_INFORMATION PROVIDED_:
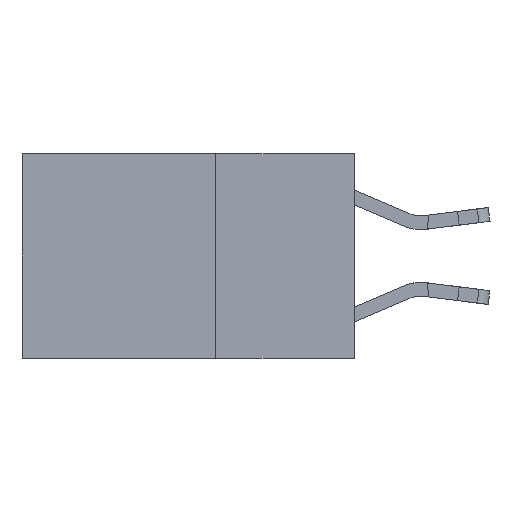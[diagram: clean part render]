
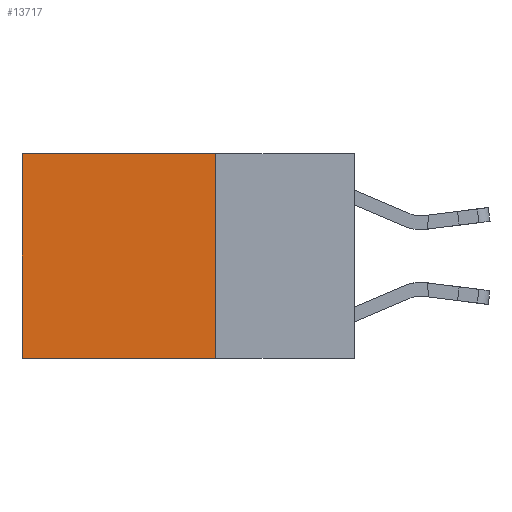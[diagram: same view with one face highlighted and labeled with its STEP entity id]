
A CAD part, left-side view. The second image highlights one B-rep face of the part: STEP entity #13717.
In plain terms, the highlighted planar face has unit normal (-1, 0, 0).
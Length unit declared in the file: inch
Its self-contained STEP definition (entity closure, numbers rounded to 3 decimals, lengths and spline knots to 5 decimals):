
#9 = CARTESIAN_POINT ( 'NONE',  ( 0.2625, 0.25, 0. ) ) ;
#126 = VECTOR ( 'NONE', #5411, 39.37008 ) ;
#382 = CARTESIAN_POINT ( 'NONE',  ( 0.2625, 0.6, -0.37 ) ) ;
#477 = LINE ( 'NONE', #9, #126 ) ;
#528 = ORIENTED_EDGE ( 'NONE', *, *, #4647, .F. ) ;
#973 = CARTESIAN_POINT ( 'NONE',  ( 0.2625, 0.25, -0.37 ) ) ;
#1166 = VECTOR ( 'NONE', #8421, 39.37008 ) ;
#1649 = AXIS2_PLACEMENT_3D ( 'NONE', #8338, #1941, #9395 ) ;
#1928 = DIRECTION ( 'NONE',  ( 0., 0., -1. ) ) ;
#1941 = DIRECTION ( 'NONE',  ( 1., 0., 0. ) ) ;
#2590 = VECTOR ( 'NONE', #1928, 39.37008 ) ;
#3719 = ORIENTED_EDGE ( 'NONE', *, *, #4538, .T. ) ;
#4538 = EDGE_CURVE ( 'NONE', #12381, #7020, #7223, .T. ) ;
#4647 = EDGE_CURVE ( 'NONE', #12381, #10329, #477, .T. ) ;
#4905 = CARTESIAN_POINT ( 'NONE',  ( 0.2625, 0.25, -0.37 ) ) ;
#5149 = PLANE ( 'NONE',  #1649 ) ;
#5411 = DIRECTION ( 'NONE',  ( 0., 0., -1. ) ) ;
#5766 = EDGE_LOOP ( 'NONE', ( #13332, #11553, #528, #3719 ) ) ;
#7020 = VERTEX_POINT ( 'NONE', #13152 ) ;
#7223 = LINE ( 'NONE', #13640, #1166 ) ;
#8338 = CARTESIAN_POINT ( 'NONE',  ( 0.2625, 0.25, 0. ) ) ;
#8421 = DIRECTION ( 'NONE',  ( 0., 1., 0. ) ) ;
#8747 = CARTESIAN_POINT ( 'NONE',  ( 0.2625, 0.25, 0. ) ) ;
#9380 = CARTESIAN_POINT ( 'NONE',  ( 0.2625, 0.6, 0. ) ) ;
#9395 = DIRECTION ( 'NONE',  ( 0., 0., -1. ) ) ;
#9944 = VECTOR ( 'NONE', #13340, 39.37008 ) ;
#10215 = FACE_OUTER_BOUND ( 'NONE', #5766, .T. ) ;
#10329 = VERTEX_POINT ( 'NONE', #973 ) ;
#10748 = LINE ( 'NONE', #9380, #2590 ) ;
#11553 = ORIENTED_EDGE ( 'NONE', *, *, #11976, .F. ) ;
#11976 = EDGE_CURVE ( 'NONE', #10329, #13418, #13050, .T. ) ;
#12148 = EDGE_CURVE ( 'NONE', #7020, #13418, #10748, .T. ) ;
#12381 = VERTEX_POINT ( 'NONE', #8747 ) ;
#13050 = LINE ( 'NONE', #4905, #9944 ) ;
#13152 = CARTESIAN_POINT ( 'NONE',  ( 0.2625, 0.6, 0. ) ) ;
#13332 = ORIENTED_EDGE ( 'NONE', *, *, #12148, .T. ) ;
#13340 = DIRECTION ( 'NONE',  ( 0., 1., 0. ) ) ;
#13418 = VERTEX_POINT ( 'NONE', #382 ) ;
#13640 = CARTESIAN_POINT ( 'NONE',  ( 0.2625, 0.25, 0. ) ) ;
#13717 = ADVANCED_FACE ( 'NONE', ( #10215 ), #5149, .F. ) ;
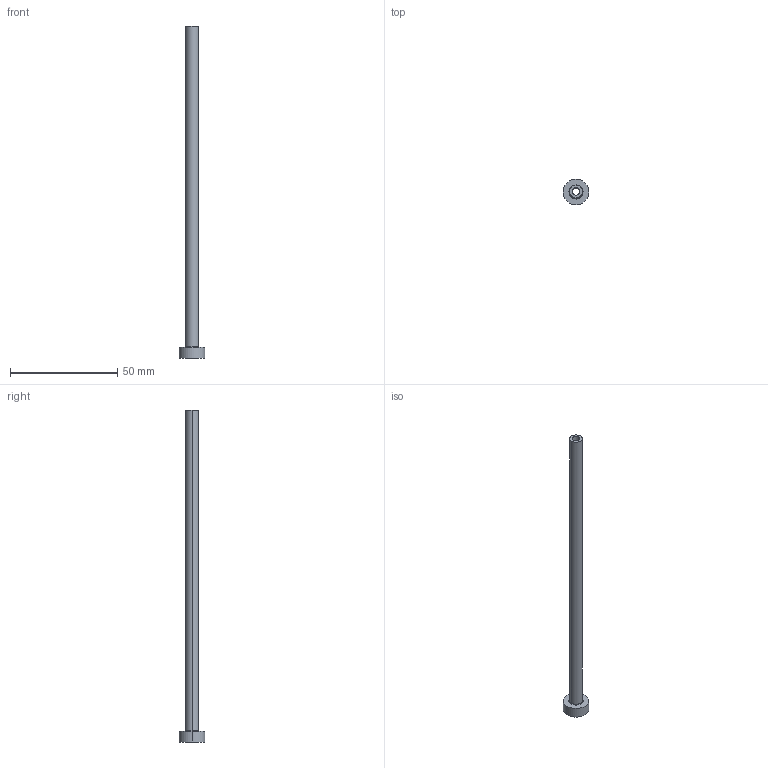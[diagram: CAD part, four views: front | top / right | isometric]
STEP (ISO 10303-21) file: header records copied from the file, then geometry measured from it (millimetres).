
FILE_DESCRIPTION (( 'STEP AP203' ), '1' );
FILE_NAME ('cdbc.STEP', '2022-07-10T09:15:17', ( '' ), ( '' ), 'SwSTEP 2.0', 'SolidWorks 2019', '' );
FILE_SCHEMA (( 'CONFIG_CONTROL_DESIGN' ));
Length unit declared in the file: millimetre
Products named in the file (1): cdbc
Bounding box: 12 x 12 x 155 mm (x, y, z)
Volume: 3315.7 mm3; surface area: 4924.8 mm2
Topology: 1 solids, 1 shells, 11 faces, 22 edges, 14 vertices
Faces by surface type: cylinder 6, plane 3, torus 2
Entity records: 377 total; most frequent: DIRECTION 62, CARTESIAN_POINT 48, ORIENTED_EDGE 44, AXIS2_PLACEMENT_3D 28, EDGE_CURVE 22, CIRCLE 16, VERTEX_POINT 14, EDGE_LOOP 14

_EXERCISE REQUIREMENTS_: Copy exactly the lines of the entries above from the one containing "[diagram: CAD part, four" through the one containing "FILE_DESCRIPTION (( 'STEP AP203' ), '1' );". Both end lines count; pictures do not.

_ANSWER SPACE_:
[diagram: CAD part, four views: front | top / right | isometric]
STEP (ISO 10303-21) file: header records copied from the file, then geometry measured from it (millimetres).
FILE_DESCRIPTION (( 'STEP AP203' ), '1' );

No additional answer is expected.